### What you should do
Write out the entries below exactly as they stand. Skip every image.

Items from a data source:
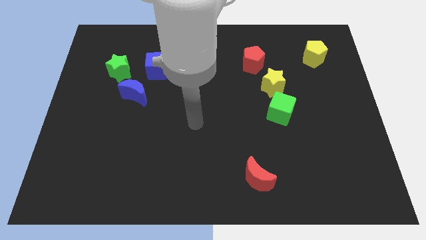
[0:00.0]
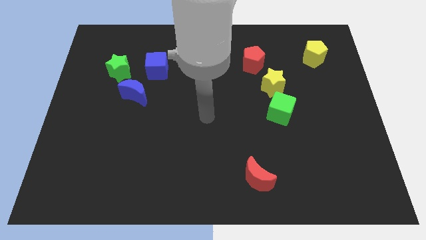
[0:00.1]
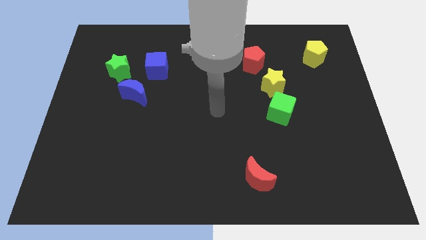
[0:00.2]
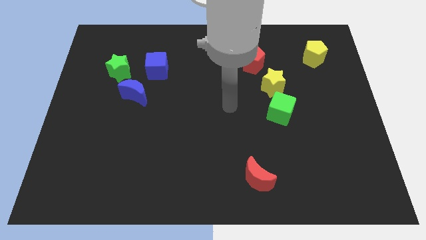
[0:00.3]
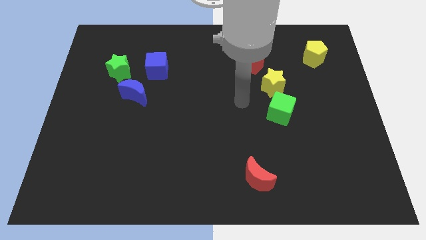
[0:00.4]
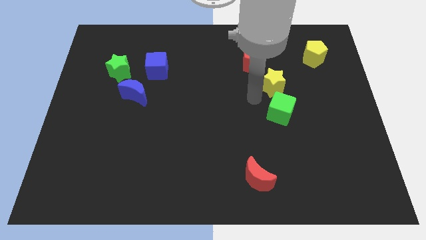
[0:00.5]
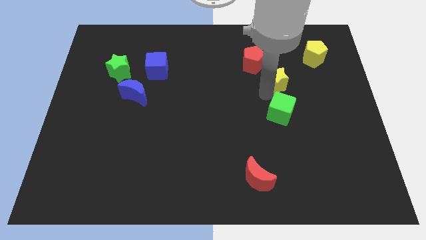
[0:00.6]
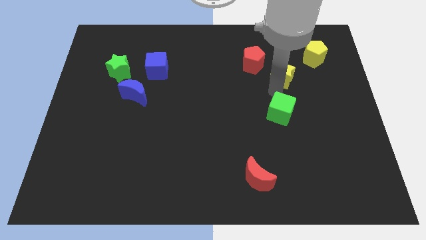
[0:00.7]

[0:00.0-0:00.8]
separate the green cube from the yellow star

### Reply to the task
[0:00.0]
[0:00.1]
[0:00.2]
[0:00.3]
[0:00.4]
[0:00.5]
[0:00.6]
[0:00.7]

[0:00.0-0:00.8]
separate the green cube from the yellow star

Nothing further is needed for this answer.